Task statement: Copy every line in the listing that contains "circular".
# # # # # # #
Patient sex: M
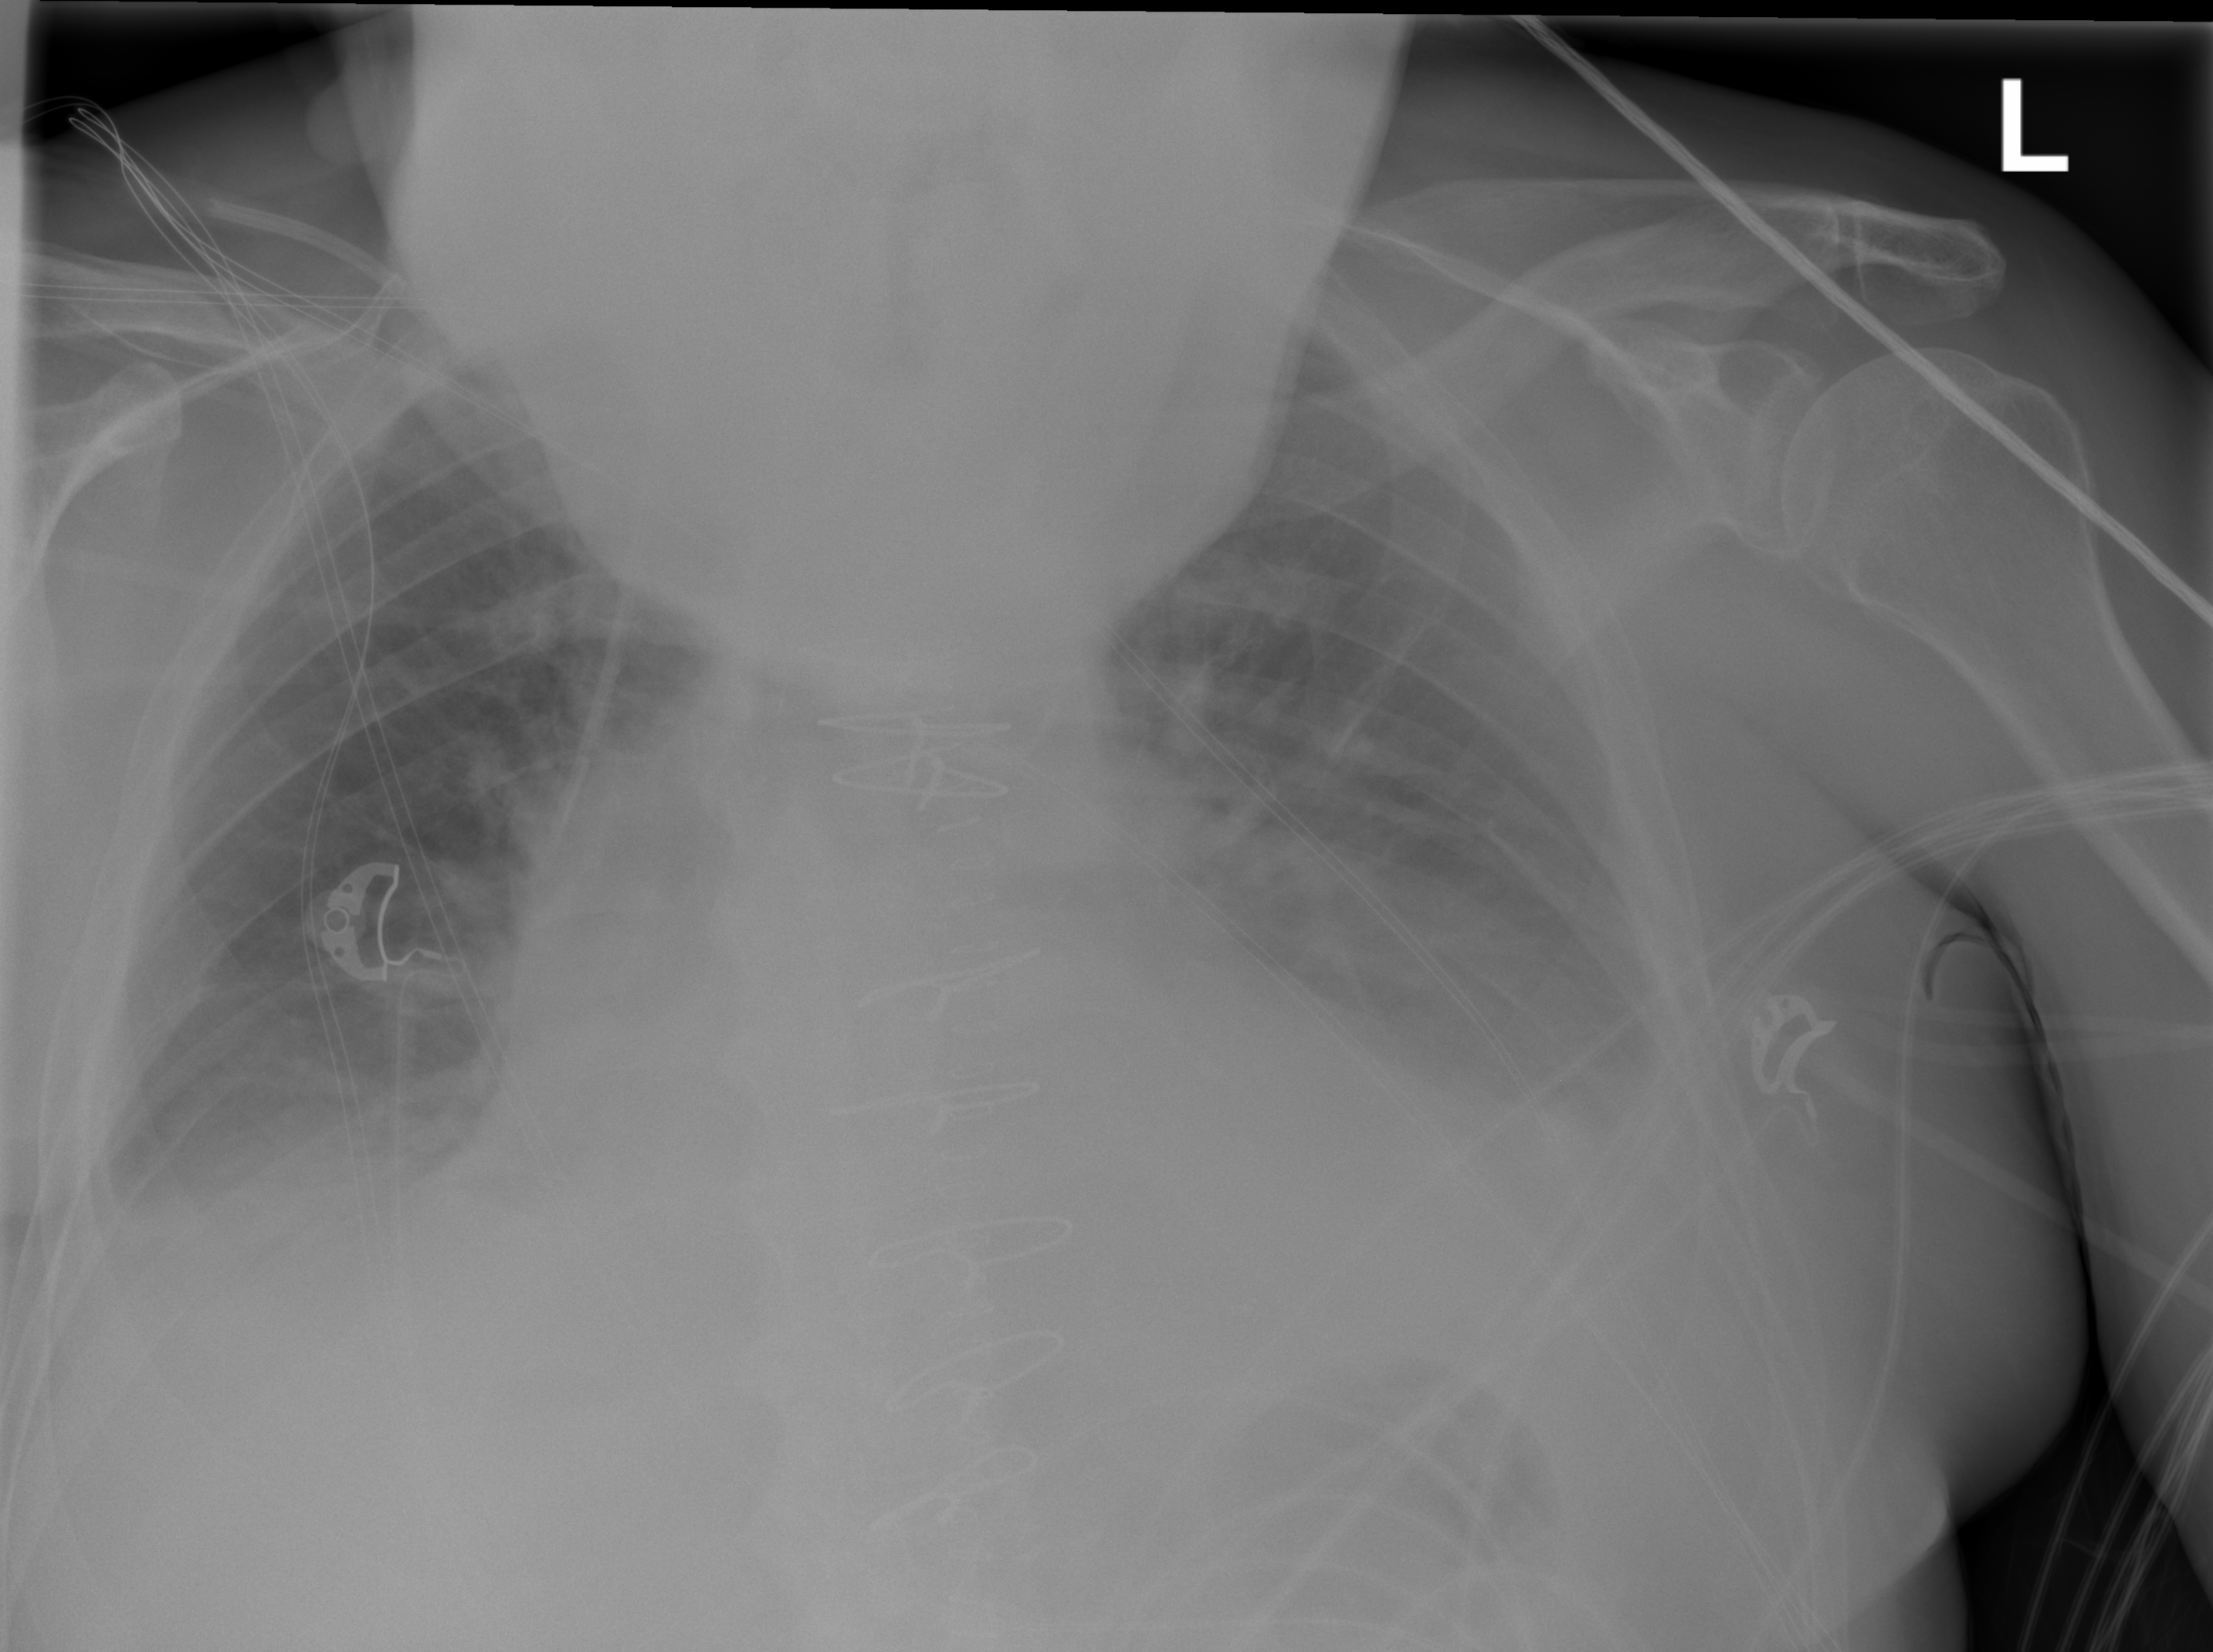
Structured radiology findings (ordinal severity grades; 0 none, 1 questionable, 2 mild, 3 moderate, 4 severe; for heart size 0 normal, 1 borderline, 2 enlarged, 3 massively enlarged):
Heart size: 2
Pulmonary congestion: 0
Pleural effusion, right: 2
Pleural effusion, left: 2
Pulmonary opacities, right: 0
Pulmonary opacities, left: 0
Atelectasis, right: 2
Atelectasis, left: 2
# # # # # # #
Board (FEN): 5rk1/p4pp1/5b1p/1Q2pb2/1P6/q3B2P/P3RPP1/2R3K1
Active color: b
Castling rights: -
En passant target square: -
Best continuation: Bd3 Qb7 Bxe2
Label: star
# # # # # # #
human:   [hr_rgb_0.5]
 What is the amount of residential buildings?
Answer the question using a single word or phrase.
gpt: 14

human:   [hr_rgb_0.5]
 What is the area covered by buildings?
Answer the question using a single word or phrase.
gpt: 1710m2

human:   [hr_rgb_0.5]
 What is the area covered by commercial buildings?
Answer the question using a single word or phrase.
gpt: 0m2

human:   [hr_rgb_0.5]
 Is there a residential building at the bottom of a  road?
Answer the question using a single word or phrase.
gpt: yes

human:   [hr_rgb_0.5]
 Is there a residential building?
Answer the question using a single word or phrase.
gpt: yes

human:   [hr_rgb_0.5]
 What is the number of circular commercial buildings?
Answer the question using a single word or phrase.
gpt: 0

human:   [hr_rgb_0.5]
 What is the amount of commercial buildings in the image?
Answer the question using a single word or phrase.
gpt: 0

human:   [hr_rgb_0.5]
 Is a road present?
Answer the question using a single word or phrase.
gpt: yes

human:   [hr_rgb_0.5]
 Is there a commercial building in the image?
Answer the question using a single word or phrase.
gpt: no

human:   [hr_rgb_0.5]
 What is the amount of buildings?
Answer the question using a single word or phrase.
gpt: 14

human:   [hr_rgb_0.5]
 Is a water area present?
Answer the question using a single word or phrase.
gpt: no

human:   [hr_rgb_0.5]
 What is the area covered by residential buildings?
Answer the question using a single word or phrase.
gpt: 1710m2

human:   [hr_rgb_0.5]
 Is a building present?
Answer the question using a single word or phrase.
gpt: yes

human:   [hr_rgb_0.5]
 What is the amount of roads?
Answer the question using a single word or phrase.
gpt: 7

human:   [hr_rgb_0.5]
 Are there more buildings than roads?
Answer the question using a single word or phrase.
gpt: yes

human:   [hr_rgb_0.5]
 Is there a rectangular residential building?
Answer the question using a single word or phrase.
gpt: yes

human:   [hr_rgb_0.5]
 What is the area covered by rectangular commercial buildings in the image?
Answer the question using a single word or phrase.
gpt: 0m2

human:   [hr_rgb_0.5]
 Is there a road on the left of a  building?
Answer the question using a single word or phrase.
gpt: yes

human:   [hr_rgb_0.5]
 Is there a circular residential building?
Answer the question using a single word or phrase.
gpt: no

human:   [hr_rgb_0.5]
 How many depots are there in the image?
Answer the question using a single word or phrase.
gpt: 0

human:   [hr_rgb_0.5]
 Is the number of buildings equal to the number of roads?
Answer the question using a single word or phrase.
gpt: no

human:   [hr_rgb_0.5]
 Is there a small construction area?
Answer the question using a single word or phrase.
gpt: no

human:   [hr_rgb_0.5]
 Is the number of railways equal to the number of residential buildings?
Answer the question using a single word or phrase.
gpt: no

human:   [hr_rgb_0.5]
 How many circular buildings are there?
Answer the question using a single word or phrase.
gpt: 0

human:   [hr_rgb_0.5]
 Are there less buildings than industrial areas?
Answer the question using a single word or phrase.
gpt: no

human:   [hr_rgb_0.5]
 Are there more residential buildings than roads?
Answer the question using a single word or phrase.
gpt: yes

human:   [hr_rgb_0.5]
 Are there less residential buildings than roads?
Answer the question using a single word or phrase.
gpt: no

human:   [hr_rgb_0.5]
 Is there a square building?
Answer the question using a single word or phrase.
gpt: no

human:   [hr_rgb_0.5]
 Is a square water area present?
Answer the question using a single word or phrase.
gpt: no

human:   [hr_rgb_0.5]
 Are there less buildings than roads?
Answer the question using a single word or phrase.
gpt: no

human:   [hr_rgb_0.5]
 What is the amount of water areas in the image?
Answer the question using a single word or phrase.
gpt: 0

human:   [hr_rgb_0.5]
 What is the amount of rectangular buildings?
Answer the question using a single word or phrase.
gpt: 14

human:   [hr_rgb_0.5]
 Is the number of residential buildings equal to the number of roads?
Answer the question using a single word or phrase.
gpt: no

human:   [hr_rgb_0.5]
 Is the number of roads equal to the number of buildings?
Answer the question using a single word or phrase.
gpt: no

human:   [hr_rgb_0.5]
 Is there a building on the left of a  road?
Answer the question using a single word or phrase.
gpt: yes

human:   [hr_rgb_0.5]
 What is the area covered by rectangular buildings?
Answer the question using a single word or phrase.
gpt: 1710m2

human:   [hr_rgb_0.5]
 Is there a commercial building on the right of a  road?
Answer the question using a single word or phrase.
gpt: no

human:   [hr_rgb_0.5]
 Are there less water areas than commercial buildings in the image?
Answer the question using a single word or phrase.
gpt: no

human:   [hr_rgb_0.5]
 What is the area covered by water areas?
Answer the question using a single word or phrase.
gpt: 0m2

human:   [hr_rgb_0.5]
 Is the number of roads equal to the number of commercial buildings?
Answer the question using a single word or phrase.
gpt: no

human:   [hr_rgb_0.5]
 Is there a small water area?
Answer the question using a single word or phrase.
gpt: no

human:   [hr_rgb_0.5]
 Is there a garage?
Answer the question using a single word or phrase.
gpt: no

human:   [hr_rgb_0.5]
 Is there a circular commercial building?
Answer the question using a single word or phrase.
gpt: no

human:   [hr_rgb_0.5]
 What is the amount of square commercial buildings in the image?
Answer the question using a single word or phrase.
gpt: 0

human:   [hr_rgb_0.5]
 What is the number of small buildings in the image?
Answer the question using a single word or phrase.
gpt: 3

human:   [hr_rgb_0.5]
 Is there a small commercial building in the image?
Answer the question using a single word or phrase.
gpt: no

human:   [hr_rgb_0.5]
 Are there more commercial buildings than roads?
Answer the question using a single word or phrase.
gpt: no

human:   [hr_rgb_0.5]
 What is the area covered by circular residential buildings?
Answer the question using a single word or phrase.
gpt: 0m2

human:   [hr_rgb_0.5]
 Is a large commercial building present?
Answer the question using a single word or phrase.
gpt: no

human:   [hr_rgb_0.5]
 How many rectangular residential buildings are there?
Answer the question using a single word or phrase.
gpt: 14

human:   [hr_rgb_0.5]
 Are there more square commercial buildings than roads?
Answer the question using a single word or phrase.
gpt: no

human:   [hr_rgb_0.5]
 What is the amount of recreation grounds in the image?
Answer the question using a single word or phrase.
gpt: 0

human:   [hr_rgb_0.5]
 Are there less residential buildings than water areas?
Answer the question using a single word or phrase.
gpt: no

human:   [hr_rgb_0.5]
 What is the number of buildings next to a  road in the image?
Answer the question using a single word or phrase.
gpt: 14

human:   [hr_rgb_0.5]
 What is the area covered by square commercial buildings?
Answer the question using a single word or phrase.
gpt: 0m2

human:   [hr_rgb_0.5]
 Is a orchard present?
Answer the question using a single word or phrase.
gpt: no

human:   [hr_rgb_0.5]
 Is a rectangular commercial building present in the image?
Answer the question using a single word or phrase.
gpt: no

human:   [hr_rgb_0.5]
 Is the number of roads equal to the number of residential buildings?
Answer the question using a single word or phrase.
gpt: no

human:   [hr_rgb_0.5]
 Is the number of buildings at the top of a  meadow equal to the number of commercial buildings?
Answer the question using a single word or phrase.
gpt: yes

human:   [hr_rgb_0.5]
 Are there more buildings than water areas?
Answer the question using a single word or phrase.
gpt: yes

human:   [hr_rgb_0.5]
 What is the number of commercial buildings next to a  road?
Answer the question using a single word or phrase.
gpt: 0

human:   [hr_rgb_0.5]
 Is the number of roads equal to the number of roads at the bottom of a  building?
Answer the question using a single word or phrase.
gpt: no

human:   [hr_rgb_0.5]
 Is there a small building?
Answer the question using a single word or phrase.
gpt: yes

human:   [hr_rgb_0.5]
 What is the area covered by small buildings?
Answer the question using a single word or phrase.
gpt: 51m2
# # # # # # #
Written answer:
 What is the number of circular commercial buildings?
 Is there a circular residential building?
 How many circular buildings are there?
 Is there a circular commercial building?
 What is the area covered by circular residential buildings?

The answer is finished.